The Lives of Massive Compact Galaxies
An infrared image of a massive, compact galaxy whose light has been traveling towards us for about 1.5 billion years. Astronomers have studied how these kinds of galaxies have evolved over the past 3.5 billion years, from a time when they were much smaller in size and mass until today, by using the Illustris computer simulation.
Massive quiescent galaxies have masses in stars of over one hundred billion Suns; our Milky Way by comparison has only about half that amount. In the local universe, the stars in these galaxies are mostly old and evolved, and the galaxies themselves are about fifty thousand light-years across and roughly elliptical in shape. The suspected younger counterparts to these objects are massive galaxies from the epoch of peak star formation activity, when the universe was about 3.5 billion years old. They were recently discovered in surveys of the universe and found to be as much as five times smaller in size than their descendants. How they grew so dramatically to become the massive galaxies we see in our cosmic neighborhood is poorly understood.
Two scenarios have been proposed to explain the growth of massive compact galaxies: the merger of galaxies, or their inflation by gas expelled in stellar winds or black hole jets. The problem has been to test these ideas and (since it is expected that at least these two processes are at work) to quantify the relative importance of each. There are just not enough massive compact galaxies known to be able to reach a convincing conclusion from statistical arguments, and so CfA astronomers Sarah Wellons, Vicente Rodriguez-Gomez, Annalisa Pillepich, and Lars Hernquist, together with their colleagues, undertook an analysis of Illustris: a cosmological computer simulation that tracks the evolution of the universe and its contents from a few million years after the big bang to today.

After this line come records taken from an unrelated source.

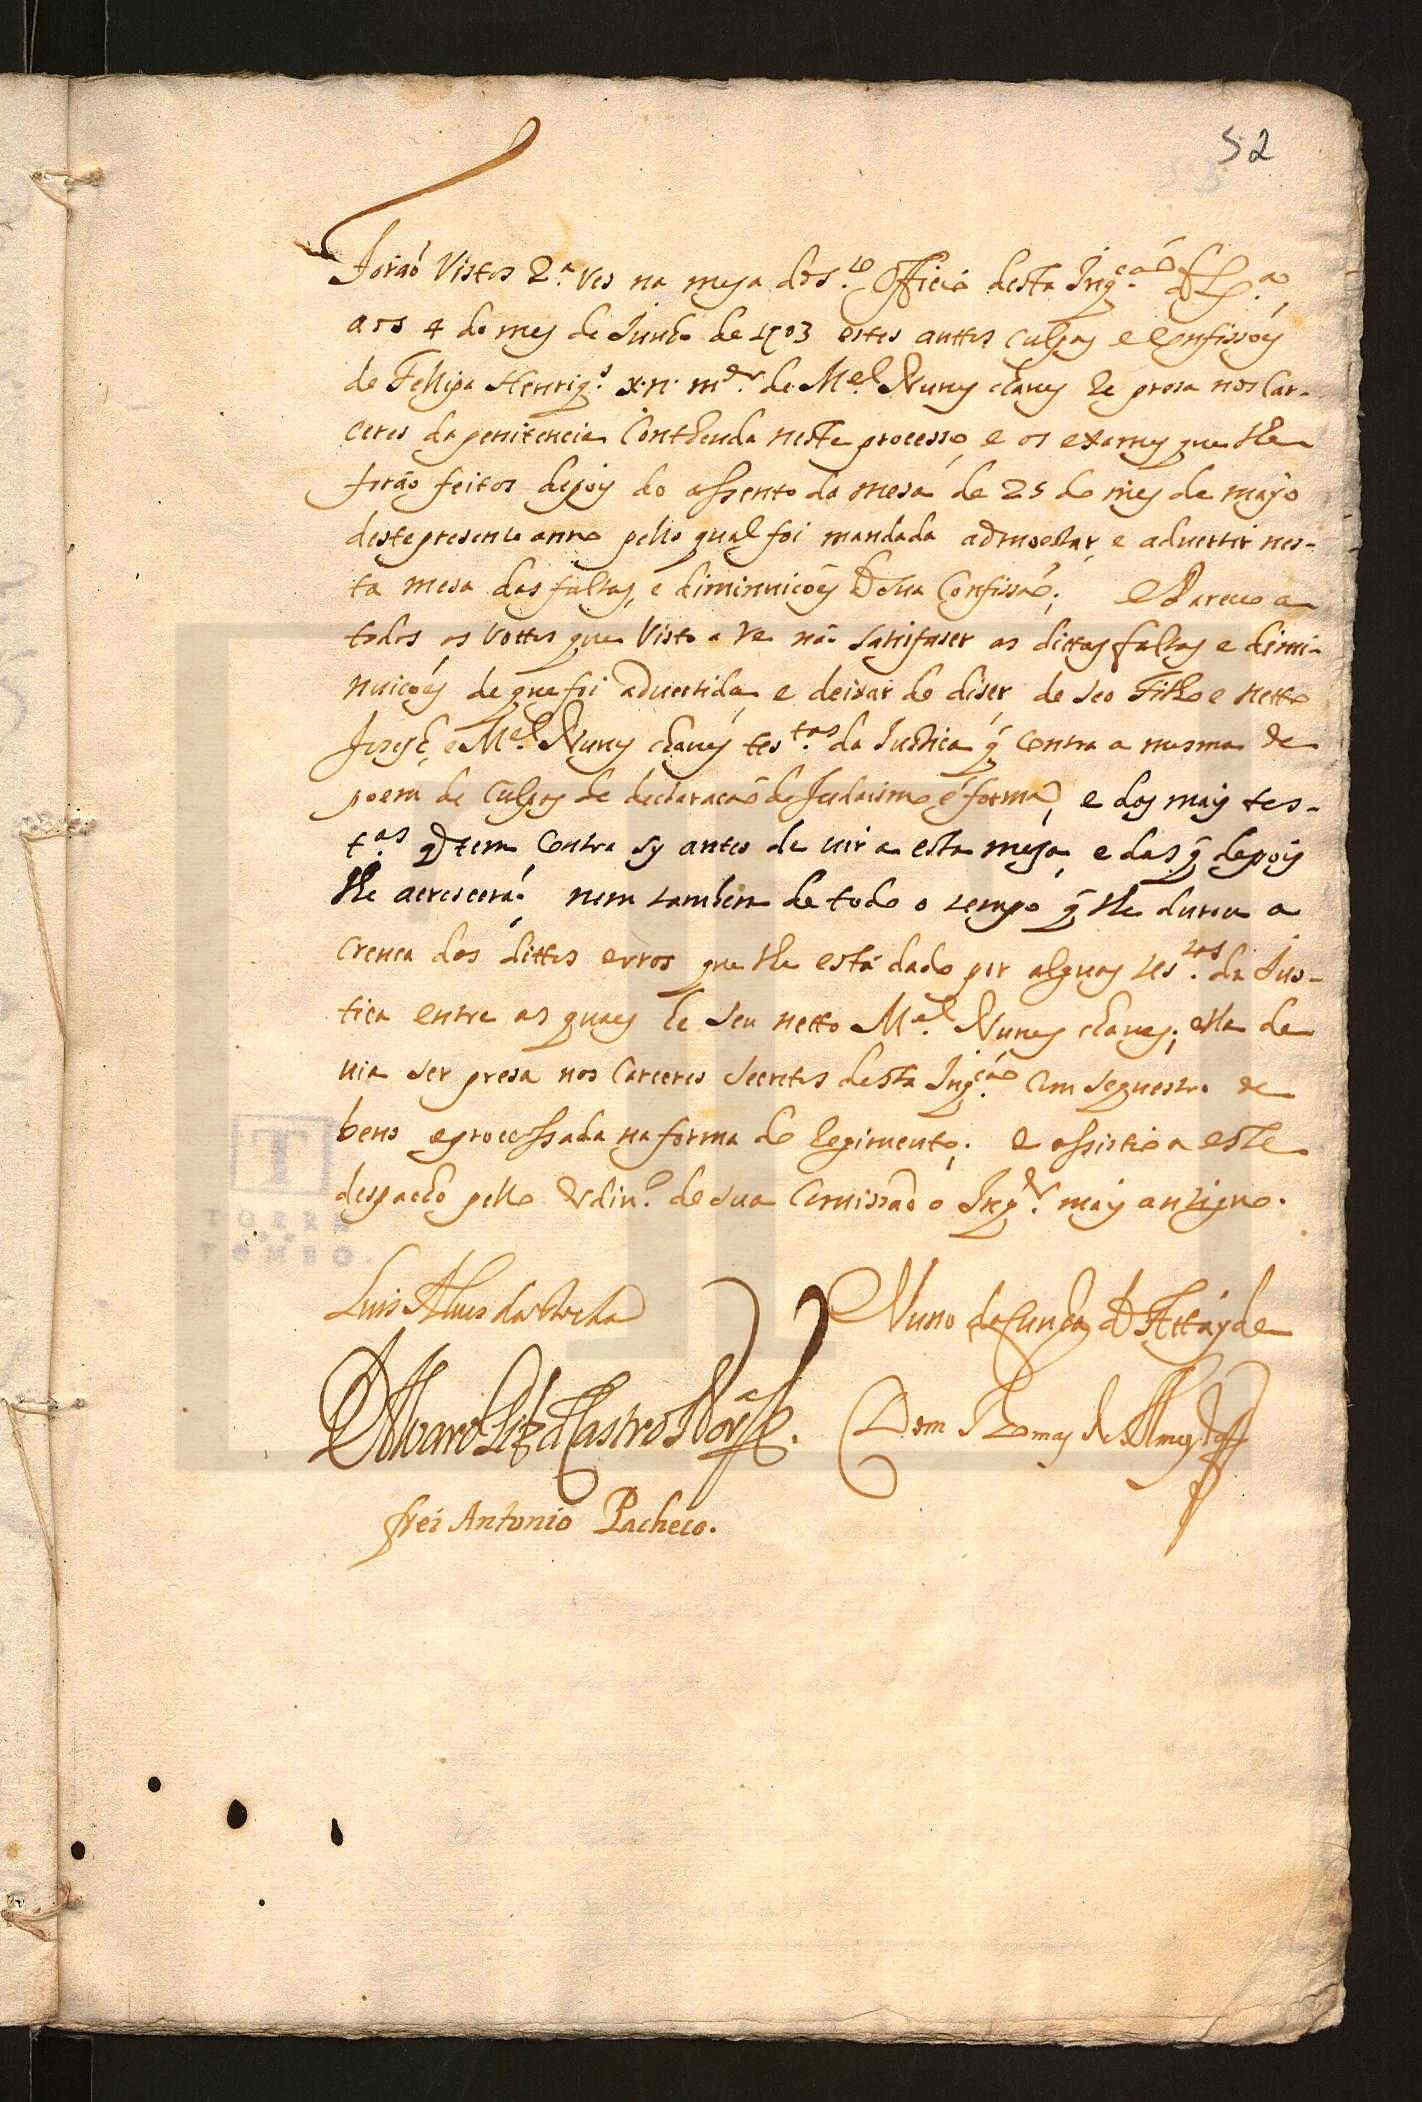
Foraõ Vistos 2.a ves na mesa do s.to Officio desta Inq.çaõ d̄ Lxa
aos 4 do mes de Iunho de 1703 estes auttos culpas e confissoẽs
de Fellipa Henriq. x.n. m.er de M.el Nunes chaues Re presa nos Car
ceres da penitencia Contheuda neste processo, e os exames que lhe
foraõ feitos depois do assento da mesa de 25 do mes de mayo
deste presente anno pello qual foi mandada admoestar, e aduertir nes
ta mesa das faltas, e diminuiçoẽs d̄ sua Confissaõ; E Pareceo a
todos os vottos que Visto a re naõ satisfaser as dittas faltas e dimi
nuiçoẽs de que foi aduertida, e deixar de diser, de seo Filho e netto
Joseph, e M.el Nunes chaues test.as da Iustiça q̄ contra a mesma de
poem de culpas de declaraçaõ de Judaismo ē forma, e das mais tes
t.as q̄ tem contra sy antes de uir a esta meza, e das q̄ depois
lhe acrescerā; nem tambem de todo o tempo q̄ lhe durou a
crença dos dittos erros que lhe está dado por alguas tes.tas da Ius
tiça entre as quaes he seu netto M.el Nunes chaues; ella de
uia ser presa nos carceres Secretos desta Inq.aõ com sequestro de
bens e processada na forma do Regimento; e assistio a este
despacho pello ordin.ro de sua Comissaõ o Inq.or mais antiguo.
Luis Alues da Rocha
Nuno de Cunha d̄ Attayde
Alvaro Piz̄ d̄ Castro Nora
Dom Thomas de Almeyda
frei Antonio Pacheco.

The scientists selected thirty-five massive compact galaxies in the simulation and watched what happened to them as they evolved over the past roughly 3.5 billion years. The galaxies started off with similar masses to within a factor of three, but by the current epoch their masses differed by a factor of twenty – different processes prompted some to grow much faster than others. (At the same time, the difference in their dark matter halo masses, originally a factor of five, grew to a factor of forty.) The team found that about half of the galaxies survived to become the cores of modern massive galaxies, about fifteen percent were destroyed in mergers with much larger galaxies, and about a third – the ones found in the least dense environments – evolved without much change. In particular, the team found that size growth of the galaxies was predominantly driven by the acquisition of new mass through mergers and accretion; winds played only a modest role. The new results are impressive demonstration of the power of Illustris to reveal details of cosmic evolution.
"The diverse evolutionary paths of simulated high-z massive, compact galaxies to z = 0," Sarah Wellons, Paul Torrey, Chung-Pei Ma, Vicente Rodriguez-Gomez, Annalisa Pillepich, Dylan Nelson, Shy Genel, Mark Vogelsberger and Lars Hernquist, MNRAS 456, 1030, 2016.